As long as you consider salsa as a type of dip ... I really like this: Avocado, mango, red onion, red bell pepper, cilantro. Mixed and added honey, and a little white wine vinegar. Salt and pepper. (Flickr picture)
posted by fourstar at 8:57 AM on March 8, 2005

Crushinator, I was just going to post about that chili cheese dip! The variation I've had uses cheddar cheese. It rocks.

I'm also partial to taco dip.
posted by SisterHavana at 9:15 AM on March 8, 2005

Can of kidney beans, half a jar of salsa. Half drain the beans & put with the salsa in the food processor & whirl. Instant bean dip for tortilla chips; or, you can fry it, you can nuke it, you can top it with cheese. Yum.
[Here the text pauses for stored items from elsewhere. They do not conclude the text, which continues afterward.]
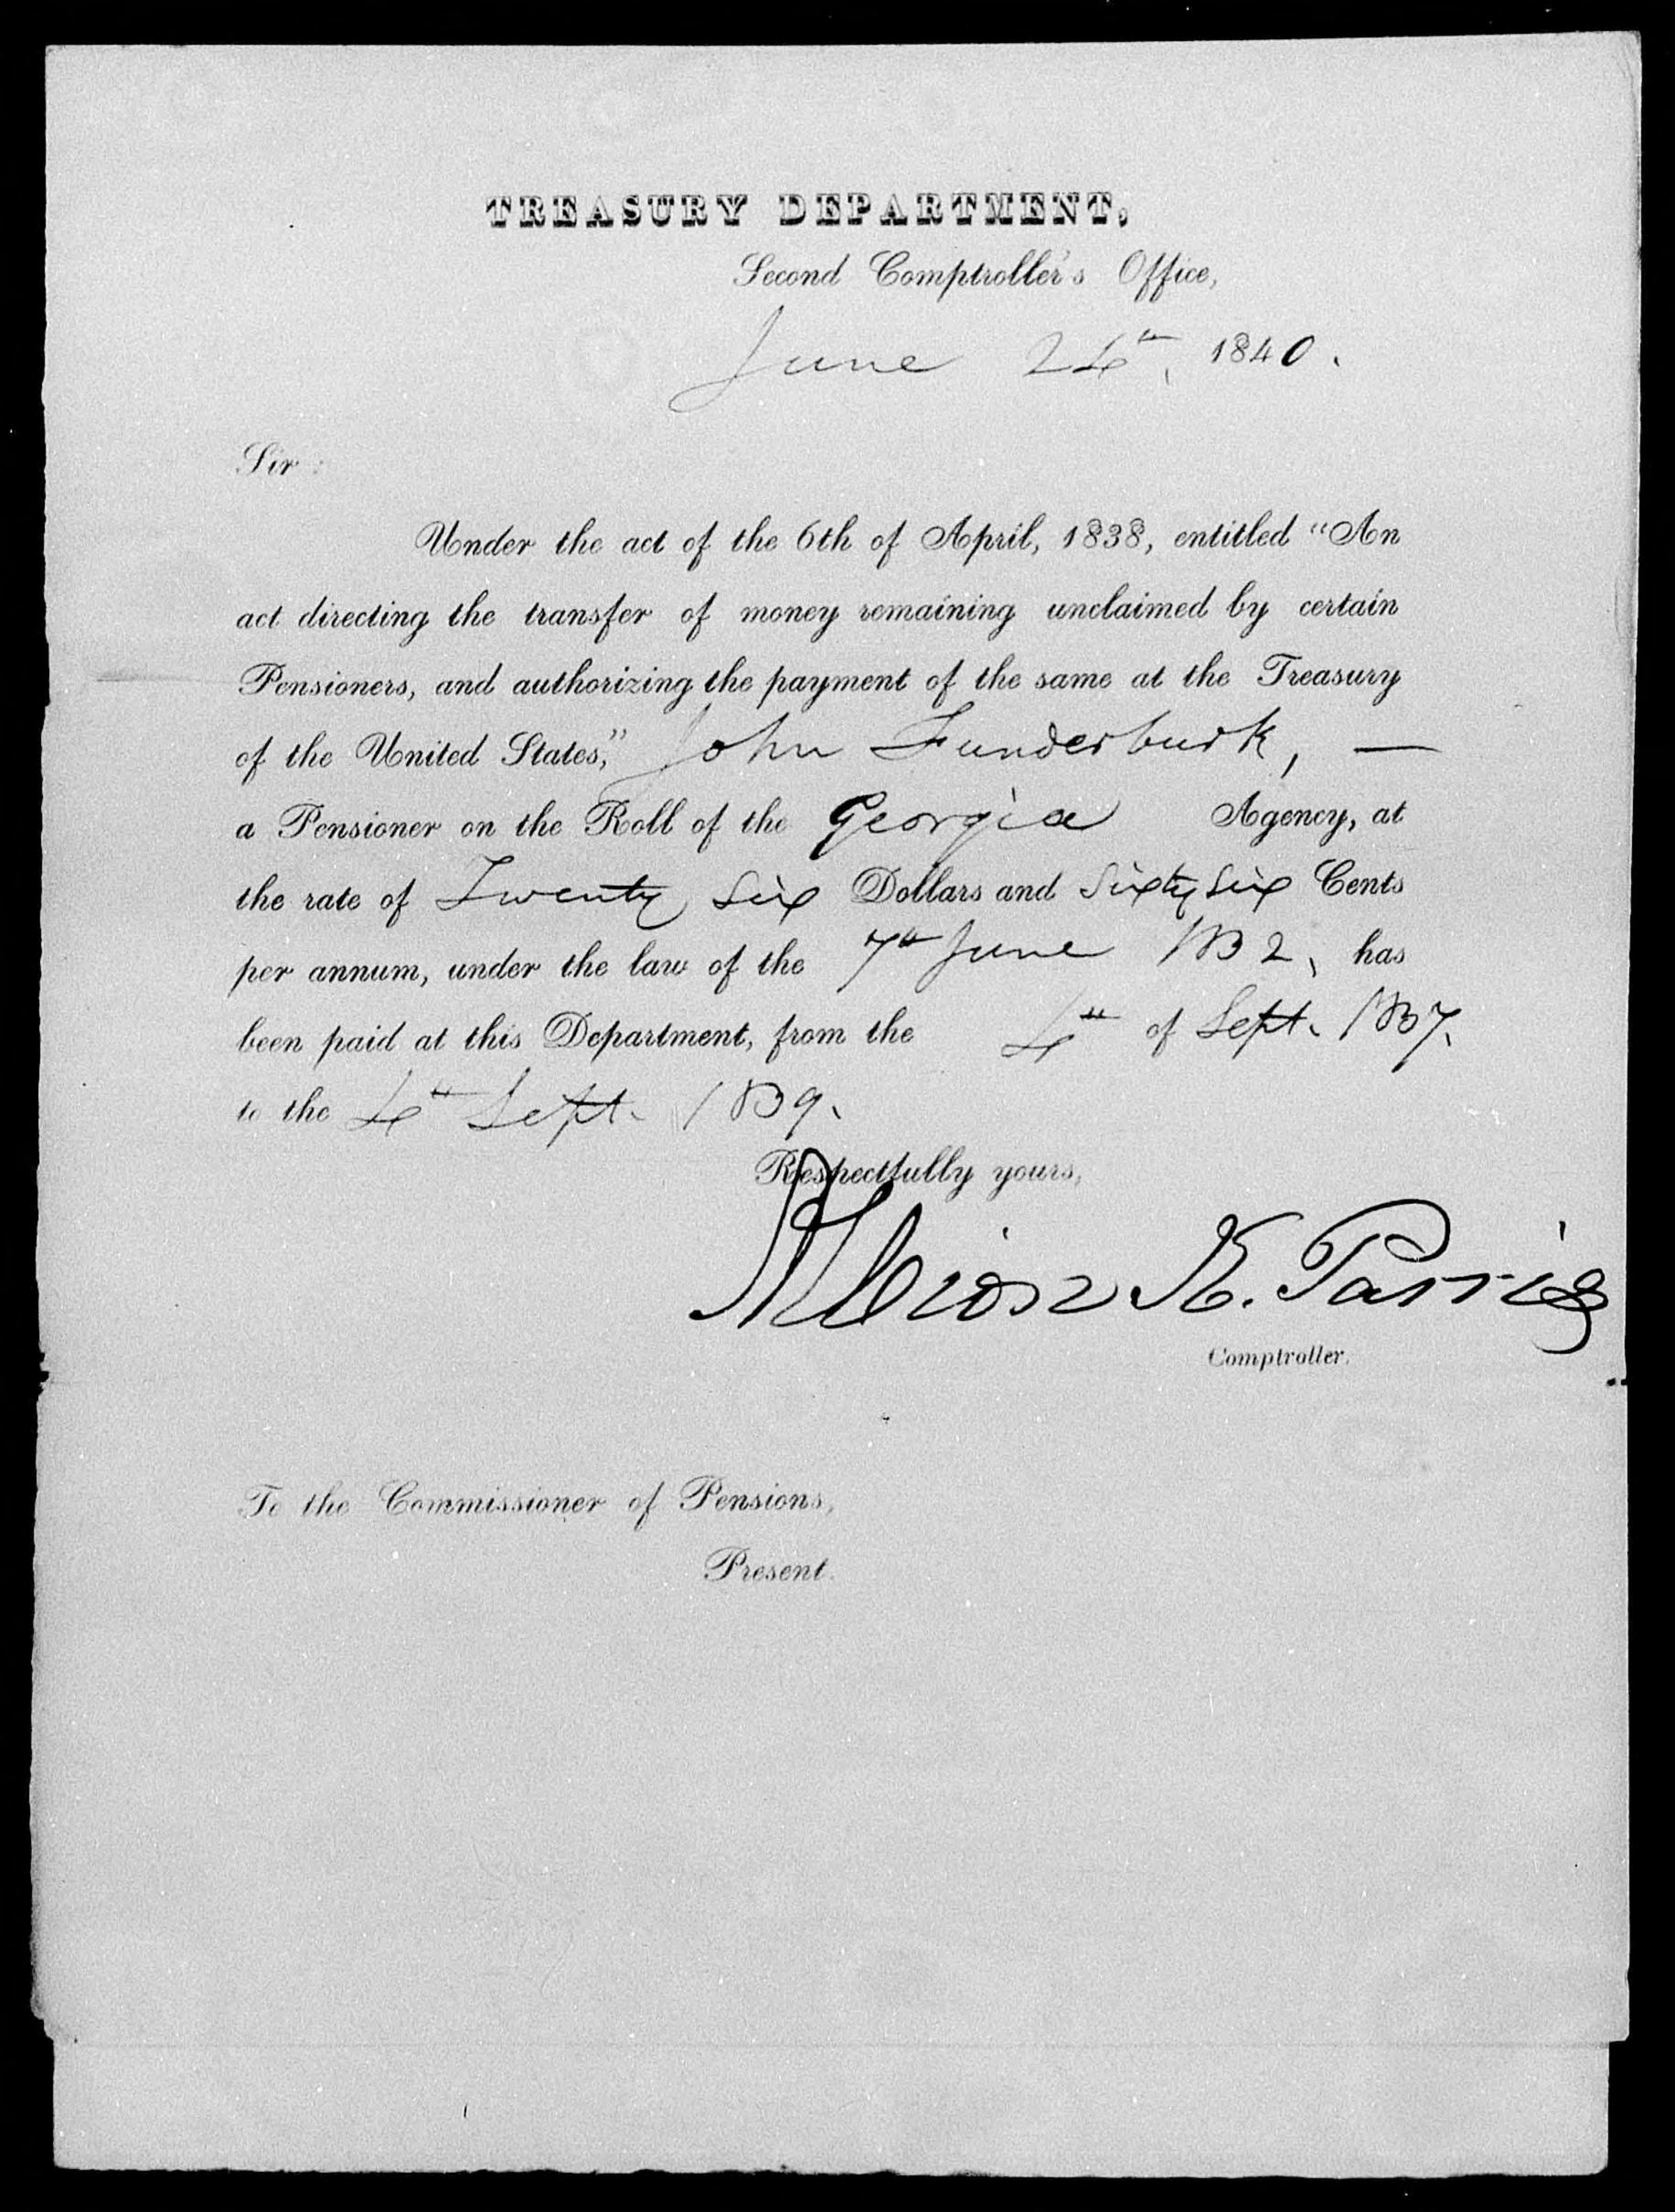TREASURY DEPARTMENT,
Second Comptroller's Office,
June 24th, 1840.

Sir:

Under the act of the 6th of April, 1838, entitled "An
act directing the transfer of money remaining unclaimed by certain 
Pensioners, and authorizing the payment of the same at the Treasury
of the United States," John Funderburk, ----
a Pensioner on the Roll of the Georgia Agency, at
the rate of Twenty Six Dollars and Sixty Six Cents 
per annum, under the law of 7th June 1832, has
been paid at this Department, from the 4th of Sept. 1837,
to the 4th Sept. 1839.
Respectfully yours,
Albion K. Parris
Comptroller,

To the Commissioner of Pensions,
Present.

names: Albion K Parris, John Funderburk
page: 22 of 23
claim: survivor's
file: S. 31,682, John Funderbuck, S.C.

Add fresh cilantro, garlic, lime juice, sour cream or anything, really, if you want to get fancy but it's good all by its lonesome too!
posted by mygothlaundry at 9:40 AM on March 8, 2005

I just made a fantastic salsa from a Cooking Light recipe 2 night ago. You take 8 plum tomatoes, cut 'em in half, and put them on a baking sheet with 1 small white onion, cut in quarters, and a jalepeno, cut in half. You bake them 20 min. at 500 until they are roasted and a little charred. Then puree them with 1 cup chopped cilantro and the juice squeezed from half a lemon, salt, and pepper. Really fresh-tasting, simple, healthy, and gooood.
posted by Miko at 9:40 AM on March 8, 2005 [1 favorite]

Had enough healthy stuff? Want the Super Bowl Party Full Fat Really Bad For You High Fat And Did I Mention Fattening Stuff?

Hot Sausage Dip
1 lb bulk pork sausage
8 oz cream cheese
1 7 oz Rotel tomatoes and chilies, drained
1/2 lb shar cheddar cheese, grated.

Preheat oven to 350.
In a large skillet fry the sausage and then drain on paper towels. Add the rest of the ingredients except the cheddar to the sausage and mix until well blended. Spread into baking dish and bake until cheese is melted.

Ruben Sandwich Dip
8 oz cream cheese cubed
1 Cup of corned beef chopped fine
1 Cup drained sauerkraut
1 Cup grated swiss cheese
1 TB ketchup
1 TB mustard (I like sweet and sour)
1 TB finely minced onion

Mix all ingredients well and pour into baking dish. Cover and bake for 30 minutes. Uncover and brown for 5 minutes.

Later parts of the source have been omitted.